PROVIDED RECORDS START

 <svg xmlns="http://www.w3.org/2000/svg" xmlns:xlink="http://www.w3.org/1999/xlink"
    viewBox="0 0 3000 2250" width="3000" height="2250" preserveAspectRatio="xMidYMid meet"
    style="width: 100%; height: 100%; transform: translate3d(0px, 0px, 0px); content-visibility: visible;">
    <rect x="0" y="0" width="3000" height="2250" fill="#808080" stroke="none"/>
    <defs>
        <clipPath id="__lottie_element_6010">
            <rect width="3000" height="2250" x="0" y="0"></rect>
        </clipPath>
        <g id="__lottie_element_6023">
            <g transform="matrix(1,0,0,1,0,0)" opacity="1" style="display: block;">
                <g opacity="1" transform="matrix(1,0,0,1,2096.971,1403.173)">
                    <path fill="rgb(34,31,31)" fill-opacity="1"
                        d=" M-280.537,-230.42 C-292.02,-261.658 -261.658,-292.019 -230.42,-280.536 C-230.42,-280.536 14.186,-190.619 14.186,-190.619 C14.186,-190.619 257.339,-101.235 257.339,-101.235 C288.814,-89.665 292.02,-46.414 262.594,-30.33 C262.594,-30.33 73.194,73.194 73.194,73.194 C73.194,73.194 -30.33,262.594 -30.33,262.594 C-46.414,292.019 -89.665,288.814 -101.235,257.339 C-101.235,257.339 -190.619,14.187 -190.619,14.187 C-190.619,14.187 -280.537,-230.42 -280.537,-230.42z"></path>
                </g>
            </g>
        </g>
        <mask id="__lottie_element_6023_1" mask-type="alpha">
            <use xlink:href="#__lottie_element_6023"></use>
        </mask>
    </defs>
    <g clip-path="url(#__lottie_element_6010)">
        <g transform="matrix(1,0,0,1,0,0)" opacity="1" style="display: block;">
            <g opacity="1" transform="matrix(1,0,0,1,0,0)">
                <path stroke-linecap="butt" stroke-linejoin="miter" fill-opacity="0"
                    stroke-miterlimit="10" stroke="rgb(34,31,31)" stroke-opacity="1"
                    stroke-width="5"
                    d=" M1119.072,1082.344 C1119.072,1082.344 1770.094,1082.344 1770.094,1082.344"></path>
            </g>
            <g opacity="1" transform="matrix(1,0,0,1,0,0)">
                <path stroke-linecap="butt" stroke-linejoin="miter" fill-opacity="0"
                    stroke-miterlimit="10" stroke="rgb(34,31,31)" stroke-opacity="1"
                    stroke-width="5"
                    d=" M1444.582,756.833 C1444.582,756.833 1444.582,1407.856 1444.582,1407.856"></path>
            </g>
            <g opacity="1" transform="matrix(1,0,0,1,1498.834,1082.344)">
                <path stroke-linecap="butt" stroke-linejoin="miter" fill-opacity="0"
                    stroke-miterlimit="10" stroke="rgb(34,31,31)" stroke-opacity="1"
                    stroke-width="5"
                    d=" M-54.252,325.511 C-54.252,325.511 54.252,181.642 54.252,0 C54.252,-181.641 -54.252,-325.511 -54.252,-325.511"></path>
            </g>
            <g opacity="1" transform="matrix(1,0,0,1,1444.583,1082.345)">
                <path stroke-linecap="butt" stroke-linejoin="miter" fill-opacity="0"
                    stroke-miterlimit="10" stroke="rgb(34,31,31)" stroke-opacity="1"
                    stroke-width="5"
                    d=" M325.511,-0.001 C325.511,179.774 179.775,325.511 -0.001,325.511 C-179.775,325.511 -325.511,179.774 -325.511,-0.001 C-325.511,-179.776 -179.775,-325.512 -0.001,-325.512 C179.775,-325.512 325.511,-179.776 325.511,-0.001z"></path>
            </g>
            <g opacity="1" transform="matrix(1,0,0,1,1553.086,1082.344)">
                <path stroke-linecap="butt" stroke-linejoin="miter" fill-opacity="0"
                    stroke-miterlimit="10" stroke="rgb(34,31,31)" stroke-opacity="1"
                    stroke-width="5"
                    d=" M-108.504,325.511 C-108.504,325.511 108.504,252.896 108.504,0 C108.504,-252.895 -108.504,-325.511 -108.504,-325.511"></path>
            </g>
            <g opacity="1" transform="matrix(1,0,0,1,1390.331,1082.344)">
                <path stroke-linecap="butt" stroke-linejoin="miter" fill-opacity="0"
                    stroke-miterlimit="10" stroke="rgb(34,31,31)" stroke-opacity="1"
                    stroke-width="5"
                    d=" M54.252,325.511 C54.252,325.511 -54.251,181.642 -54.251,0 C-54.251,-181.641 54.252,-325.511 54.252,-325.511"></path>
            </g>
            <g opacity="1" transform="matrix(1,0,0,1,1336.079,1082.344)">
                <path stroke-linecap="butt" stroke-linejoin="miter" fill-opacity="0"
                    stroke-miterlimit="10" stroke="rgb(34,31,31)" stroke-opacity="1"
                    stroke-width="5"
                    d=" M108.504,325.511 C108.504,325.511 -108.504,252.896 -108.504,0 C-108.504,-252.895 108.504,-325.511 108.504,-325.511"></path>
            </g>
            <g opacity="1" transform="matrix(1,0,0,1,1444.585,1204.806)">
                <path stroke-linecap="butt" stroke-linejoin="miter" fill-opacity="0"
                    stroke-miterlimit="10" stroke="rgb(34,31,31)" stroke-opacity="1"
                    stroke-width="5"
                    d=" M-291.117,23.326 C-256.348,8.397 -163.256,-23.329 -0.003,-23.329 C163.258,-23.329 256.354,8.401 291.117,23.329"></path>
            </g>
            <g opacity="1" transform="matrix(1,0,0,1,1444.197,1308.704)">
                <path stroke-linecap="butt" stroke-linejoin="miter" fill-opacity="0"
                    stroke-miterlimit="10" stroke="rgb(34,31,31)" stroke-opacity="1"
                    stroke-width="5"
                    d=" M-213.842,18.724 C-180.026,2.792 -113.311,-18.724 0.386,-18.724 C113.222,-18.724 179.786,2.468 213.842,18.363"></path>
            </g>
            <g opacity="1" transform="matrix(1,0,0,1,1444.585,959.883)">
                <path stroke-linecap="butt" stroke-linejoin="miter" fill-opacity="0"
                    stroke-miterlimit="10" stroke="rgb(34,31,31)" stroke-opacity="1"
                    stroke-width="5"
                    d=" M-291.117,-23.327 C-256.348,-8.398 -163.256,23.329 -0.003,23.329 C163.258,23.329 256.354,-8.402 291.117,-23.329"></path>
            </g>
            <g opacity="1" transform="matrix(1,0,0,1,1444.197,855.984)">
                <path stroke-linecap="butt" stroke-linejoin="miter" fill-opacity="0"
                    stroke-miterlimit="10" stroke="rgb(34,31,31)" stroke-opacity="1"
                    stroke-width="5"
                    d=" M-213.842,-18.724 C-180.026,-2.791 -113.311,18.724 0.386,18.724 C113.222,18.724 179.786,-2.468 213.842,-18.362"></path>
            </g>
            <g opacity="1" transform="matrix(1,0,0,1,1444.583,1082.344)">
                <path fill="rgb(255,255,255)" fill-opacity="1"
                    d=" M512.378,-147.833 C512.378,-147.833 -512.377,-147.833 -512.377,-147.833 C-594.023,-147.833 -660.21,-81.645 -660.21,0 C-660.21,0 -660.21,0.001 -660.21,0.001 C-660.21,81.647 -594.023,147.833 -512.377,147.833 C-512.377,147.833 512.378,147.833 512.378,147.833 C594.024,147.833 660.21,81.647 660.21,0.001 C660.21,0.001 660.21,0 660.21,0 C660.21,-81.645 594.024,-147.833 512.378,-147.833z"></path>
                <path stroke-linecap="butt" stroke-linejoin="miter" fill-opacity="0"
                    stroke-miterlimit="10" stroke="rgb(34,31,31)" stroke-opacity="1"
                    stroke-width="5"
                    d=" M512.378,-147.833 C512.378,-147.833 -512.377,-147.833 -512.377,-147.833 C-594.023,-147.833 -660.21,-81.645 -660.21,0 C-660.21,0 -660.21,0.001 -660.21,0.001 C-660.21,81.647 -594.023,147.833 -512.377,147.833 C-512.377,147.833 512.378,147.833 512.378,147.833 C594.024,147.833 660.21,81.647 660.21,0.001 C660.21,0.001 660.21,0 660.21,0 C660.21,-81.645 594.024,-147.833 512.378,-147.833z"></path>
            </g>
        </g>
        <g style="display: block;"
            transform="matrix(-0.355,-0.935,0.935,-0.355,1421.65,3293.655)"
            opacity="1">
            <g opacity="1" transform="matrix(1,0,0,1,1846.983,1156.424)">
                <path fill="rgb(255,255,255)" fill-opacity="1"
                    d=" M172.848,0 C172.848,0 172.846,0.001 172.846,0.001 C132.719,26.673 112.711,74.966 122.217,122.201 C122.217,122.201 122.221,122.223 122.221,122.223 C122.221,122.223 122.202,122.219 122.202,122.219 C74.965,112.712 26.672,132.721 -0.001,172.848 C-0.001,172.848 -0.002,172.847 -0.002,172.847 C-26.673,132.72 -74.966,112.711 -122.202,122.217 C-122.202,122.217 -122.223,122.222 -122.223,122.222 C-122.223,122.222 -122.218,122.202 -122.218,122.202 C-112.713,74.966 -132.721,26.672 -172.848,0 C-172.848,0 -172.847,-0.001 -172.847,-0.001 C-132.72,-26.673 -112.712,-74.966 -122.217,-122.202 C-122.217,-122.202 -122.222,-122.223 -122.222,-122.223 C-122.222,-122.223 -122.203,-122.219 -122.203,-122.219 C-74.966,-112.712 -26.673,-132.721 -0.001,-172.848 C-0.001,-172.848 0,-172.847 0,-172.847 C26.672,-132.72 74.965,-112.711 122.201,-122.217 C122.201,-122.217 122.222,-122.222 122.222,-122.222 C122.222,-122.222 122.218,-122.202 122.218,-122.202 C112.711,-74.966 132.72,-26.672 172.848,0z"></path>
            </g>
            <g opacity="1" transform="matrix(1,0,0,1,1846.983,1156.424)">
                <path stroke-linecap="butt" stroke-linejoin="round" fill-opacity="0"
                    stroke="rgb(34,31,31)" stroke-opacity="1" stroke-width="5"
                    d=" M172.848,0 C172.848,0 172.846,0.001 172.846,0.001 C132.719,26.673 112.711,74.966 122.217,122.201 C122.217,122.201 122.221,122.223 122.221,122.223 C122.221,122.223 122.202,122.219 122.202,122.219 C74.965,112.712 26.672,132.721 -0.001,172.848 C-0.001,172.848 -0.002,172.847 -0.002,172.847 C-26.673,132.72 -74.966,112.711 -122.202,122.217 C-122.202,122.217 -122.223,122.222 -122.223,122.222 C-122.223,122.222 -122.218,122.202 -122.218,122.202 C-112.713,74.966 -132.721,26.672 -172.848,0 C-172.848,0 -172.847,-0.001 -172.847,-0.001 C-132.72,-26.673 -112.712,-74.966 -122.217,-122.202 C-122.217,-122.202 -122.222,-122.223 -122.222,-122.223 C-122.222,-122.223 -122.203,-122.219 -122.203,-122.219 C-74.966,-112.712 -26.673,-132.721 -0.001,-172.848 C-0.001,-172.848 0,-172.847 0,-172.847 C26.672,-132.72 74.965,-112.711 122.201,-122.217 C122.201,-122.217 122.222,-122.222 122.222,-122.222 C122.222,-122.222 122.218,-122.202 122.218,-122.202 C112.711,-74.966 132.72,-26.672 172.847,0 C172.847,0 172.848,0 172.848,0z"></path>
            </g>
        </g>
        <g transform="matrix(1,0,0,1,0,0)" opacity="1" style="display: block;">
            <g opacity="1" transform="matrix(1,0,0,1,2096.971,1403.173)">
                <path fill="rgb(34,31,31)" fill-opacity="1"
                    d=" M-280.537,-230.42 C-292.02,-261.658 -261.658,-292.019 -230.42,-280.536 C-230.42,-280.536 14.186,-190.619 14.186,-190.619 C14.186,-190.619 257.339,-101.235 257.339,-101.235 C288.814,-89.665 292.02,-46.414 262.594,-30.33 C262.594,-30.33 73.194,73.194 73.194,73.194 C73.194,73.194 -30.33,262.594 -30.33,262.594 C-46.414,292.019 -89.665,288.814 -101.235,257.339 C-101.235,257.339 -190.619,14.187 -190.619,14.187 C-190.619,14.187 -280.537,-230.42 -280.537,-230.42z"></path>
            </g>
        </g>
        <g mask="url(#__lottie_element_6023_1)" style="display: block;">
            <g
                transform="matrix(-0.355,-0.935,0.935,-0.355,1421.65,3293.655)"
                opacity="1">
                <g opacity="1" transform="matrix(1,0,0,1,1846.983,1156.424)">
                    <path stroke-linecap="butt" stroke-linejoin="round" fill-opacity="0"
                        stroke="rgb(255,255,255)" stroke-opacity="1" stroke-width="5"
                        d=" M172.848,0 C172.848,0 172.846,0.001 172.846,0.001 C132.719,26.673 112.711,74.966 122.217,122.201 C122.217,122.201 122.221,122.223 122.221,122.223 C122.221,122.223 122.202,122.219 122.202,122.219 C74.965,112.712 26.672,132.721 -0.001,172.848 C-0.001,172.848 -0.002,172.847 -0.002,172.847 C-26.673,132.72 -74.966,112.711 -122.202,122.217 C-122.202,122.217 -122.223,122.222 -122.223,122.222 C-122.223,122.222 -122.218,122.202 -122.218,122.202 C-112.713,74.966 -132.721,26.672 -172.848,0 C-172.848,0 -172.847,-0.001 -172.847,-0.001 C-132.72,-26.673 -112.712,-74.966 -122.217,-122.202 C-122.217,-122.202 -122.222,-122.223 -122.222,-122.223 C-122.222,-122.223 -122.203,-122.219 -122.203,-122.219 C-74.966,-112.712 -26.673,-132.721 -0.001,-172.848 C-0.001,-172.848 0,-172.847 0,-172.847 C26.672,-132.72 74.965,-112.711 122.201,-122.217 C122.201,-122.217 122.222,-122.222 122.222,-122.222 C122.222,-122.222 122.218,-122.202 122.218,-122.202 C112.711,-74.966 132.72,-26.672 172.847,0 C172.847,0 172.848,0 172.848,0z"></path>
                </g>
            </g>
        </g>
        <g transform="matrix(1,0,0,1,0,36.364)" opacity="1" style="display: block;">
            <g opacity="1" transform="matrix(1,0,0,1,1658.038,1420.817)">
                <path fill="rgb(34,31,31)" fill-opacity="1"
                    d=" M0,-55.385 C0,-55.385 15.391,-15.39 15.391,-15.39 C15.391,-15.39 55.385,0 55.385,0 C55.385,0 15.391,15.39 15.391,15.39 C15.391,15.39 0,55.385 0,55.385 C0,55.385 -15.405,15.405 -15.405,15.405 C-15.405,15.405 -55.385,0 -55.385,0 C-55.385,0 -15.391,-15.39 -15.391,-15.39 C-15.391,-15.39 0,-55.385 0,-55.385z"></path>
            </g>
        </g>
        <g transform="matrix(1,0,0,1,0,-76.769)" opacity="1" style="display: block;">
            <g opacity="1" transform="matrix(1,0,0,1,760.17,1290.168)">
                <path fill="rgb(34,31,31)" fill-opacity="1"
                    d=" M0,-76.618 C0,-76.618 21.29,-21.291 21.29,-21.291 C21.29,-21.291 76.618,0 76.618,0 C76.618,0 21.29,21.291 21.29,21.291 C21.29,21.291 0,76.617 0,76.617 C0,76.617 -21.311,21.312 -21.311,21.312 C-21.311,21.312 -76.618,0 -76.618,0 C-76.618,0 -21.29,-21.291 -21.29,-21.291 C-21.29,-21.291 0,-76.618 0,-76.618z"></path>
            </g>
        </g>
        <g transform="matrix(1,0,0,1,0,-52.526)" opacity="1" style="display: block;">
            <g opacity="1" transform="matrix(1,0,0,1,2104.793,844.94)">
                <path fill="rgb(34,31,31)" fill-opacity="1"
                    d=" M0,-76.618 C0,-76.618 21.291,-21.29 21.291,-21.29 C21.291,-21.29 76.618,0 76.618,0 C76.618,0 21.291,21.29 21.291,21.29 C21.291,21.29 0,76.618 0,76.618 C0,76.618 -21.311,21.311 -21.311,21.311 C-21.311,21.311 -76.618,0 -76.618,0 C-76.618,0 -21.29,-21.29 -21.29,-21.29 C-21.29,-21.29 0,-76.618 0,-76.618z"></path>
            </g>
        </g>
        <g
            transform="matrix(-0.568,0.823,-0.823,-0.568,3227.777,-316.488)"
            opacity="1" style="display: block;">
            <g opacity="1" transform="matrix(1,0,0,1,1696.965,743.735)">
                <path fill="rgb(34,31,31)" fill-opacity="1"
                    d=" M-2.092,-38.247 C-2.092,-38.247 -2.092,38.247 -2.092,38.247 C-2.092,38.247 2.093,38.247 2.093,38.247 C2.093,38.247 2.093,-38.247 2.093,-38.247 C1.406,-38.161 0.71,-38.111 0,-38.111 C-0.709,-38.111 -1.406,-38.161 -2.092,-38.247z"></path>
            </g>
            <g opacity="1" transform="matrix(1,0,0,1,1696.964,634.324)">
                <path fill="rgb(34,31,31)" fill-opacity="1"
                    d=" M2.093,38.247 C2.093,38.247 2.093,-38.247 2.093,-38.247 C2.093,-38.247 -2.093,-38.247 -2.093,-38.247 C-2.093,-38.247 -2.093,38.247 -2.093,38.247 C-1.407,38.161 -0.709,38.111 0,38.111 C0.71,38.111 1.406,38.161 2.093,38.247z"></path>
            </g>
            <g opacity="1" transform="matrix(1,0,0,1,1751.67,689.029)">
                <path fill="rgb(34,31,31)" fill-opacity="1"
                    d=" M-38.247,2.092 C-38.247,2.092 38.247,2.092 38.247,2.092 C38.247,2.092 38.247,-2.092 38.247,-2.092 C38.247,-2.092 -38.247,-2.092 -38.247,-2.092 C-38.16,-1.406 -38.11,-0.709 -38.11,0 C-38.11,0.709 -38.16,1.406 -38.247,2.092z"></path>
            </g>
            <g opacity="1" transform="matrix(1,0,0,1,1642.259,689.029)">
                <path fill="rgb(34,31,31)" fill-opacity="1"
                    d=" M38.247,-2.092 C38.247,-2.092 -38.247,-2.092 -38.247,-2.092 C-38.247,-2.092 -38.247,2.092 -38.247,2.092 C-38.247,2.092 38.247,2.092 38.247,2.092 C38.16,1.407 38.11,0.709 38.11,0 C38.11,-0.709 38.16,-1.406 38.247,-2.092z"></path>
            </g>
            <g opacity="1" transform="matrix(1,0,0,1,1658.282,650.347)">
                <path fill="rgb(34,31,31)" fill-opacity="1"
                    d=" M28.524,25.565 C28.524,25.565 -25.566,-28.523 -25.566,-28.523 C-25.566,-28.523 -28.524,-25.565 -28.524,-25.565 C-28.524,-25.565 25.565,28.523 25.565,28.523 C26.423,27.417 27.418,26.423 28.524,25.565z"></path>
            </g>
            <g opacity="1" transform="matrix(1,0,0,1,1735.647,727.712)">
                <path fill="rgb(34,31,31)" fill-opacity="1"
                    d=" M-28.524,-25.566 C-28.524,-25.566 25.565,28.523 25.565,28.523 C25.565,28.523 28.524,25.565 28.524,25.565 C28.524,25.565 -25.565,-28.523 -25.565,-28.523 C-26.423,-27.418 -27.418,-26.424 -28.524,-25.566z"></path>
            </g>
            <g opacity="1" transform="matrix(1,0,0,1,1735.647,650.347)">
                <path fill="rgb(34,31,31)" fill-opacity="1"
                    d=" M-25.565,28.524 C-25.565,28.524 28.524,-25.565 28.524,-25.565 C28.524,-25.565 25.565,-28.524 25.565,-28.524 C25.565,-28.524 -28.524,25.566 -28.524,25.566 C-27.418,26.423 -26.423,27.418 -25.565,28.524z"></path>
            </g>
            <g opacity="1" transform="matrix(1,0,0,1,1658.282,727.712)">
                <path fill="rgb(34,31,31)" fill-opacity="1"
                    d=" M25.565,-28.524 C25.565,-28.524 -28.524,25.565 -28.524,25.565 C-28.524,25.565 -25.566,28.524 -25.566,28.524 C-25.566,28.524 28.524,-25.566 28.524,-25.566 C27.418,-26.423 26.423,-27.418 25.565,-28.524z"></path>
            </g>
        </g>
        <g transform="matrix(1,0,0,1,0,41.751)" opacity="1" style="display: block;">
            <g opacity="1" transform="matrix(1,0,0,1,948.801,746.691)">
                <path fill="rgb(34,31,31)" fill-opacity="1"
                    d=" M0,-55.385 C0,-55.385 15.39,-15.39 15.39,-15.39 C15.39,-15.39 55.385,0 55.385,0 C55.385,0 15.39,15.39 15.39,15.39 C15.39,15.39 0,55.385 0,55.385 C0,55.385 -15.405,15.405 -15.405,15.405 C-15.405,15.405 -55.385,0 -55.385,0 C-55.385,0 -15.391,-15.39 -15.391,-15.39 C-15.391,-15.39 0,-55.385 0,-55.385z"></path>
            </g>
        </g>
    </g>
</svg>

PROVIDED RECORDS END

> [TASK STATEMENT]
From the entries above, copy each line holding "mask".

> [ANSWER SECTION]
        <mask id="__lottie_element_6023_1" mask-type="alpha">
        </mask>
        <g mask="url(#__lottie_element_6023_1)" style="display: block;">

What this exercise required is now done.